■ Work order:
Lines from the entries below that hold "以下では" form the answer; copy all of them.
--- Records to use ---
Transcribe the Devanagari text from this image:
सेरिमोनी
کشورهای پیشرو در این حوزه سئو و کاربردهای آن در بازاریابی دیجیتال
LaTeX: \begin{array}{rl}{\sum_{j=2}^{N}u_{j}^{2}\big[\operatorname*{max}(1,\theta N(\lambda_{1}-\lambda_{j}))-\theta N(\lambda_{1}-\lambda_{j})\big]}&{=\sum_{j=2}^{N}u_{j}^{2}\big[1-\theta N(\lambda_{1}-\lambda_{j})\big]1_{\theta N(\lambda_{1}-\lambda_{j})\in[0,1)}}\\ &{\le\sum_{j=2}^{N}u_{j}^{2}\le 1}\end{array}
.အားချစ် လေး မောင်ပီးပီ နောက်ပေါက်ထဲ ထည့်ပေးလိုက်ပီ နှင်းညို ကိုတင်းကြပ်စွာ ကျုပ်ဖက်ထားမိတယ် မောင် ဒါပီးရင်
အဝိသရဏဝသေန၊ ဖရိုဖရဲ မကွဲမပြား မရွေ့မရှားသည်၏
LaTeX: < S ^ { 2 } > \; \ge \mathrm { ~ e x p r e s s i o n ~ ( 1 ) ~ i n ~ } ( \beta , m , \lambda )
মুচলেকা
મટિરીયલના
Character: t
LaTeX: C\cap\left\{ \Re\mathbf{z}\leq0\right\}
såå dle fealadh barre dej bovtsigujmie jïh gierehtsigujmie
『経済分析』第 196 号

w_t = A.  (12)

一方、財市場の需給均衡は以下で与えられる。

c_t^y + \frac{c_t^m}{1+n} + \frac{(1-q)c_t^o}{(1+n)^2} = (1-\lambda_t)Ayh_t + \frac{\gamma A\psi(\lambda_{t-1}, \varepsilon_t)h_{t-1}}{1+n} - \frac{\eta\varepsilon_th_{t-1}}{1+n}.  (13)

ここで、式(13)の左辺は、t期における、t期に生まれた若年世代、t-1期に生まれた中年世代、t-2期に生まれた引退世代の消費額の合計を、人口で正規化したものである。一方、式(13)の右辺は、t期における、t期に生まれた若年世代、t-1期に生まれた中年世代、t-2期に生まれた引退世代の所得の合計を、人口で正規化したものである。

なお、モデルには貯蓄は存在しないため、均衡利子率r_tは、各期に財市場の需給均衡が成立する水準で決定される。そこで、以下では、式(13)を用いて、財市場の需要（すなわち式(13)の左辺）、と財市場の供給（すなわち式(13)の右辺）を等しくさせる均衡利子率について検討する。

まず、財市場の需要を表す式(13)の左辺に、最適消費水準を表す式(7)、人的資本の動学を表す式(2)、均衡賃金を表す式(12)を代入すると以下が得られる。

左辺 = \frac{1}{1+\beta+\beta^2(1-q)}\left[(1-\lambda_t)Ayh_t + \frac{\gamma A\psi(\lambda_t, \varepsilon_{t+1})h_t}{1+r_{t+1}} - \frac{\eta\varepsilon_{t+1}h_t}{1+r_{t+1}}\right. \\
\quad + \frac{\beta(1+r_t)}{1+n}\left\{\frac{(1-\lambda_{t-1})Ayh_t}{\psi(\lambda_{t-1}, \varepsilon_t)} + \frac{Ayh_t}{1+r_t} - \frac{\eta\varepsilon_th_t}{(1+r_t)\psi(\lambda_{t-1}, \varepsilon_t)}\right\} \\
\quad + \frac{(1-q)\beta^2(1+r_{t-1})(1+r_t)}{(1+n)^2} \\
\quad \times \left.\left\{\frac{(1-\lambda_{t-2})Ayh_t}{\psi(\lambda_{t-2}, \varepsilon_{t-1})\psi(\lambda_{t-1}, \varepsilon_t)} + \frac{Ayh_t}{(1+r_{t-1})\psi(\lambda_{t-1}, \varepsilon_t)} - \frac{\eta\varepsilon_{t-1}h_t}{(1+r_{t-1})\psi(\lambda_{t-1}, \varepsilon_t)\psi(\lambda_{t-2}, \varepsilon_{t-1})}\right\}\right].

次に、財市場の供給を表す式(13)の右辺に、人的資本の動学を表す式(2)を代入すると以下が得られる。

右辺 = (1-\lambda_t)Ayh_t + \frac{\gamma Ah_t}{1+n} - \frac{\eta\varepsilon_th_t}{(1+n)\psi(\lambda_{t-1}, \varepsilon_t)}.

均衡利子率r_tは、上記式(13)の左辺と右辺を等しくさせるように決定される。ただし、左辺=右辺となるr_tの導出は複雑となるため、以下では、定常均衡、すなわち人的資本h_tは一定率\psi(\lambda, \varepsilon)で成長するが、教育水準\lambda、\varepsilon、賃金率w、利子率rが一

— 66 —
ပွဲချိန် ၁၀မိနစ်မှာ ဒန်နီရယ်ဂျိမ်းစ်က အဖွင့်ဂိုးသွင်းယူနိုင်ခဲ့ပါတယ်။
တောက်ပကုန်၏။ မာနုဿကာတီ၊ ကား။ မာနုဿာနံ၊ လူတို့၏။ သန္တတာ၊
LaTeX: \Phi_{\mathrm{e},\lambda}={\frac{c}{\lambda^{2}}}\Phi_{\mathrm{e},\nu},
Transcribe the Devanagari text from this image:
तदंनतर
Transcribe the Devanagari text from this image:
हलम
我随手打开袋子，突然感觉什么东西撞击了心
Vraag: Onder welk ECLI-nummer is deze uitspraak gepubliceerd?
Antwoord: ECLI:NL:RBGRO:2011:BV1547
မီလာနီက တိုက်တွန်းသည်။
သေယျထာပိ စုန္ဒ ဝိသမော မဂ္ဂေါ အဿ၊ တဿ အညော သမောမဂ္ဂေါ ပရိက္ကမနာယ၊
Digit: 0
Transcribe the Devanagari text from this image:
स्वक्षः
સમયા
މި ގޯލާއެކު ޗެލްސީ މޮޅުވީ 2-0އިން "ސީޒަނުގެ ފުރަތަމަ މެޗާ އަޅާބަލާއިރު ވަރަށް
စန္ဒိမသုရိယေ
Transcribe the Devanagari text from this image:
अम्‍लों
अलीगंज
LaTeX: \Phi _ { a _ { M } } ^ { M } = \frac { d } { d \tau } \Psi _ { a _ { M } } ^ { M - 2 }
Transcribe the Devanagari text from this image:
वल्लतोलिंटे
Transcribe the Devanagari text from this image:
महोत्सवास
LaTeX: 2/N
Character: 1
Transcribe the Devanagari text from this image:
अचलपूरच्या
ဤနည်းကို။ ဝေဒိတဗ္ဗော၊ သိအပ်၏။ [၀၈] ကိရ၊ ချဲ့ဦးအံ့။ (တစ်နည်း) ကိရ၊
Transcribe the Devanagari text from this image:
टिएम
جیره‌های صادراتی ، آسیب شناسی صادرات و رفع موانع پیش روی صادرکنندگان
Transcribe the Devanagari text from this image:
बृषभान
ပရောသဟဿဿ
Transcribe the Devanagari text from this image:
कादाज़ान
---
■ Response:
なお、モデルには貯蓄は存在しないため、均衡利子率r_tは、各期に財市場の需給均衡が成立する水準で決定される。そこで、以下では、式(13)を用いて、財市場の需要（すなわち式(13)の左辺）、と財市場の供給（すなわち式(13)の右辺）を等しくさせる均衡利子率について検討する。
均衡利子率r_tは、上記式(13)の左辺と右辺を等しくさせるように決定される。ただし、左辺=右辺となるr_tの導出は複雑となるため、以下では、定常均衡、すなわち人的資本h_tは一定率\psi(\lambda, \varepsilon)で成長するが、教育水準\lambda、\varepsilon、賃金率w、利子率rが一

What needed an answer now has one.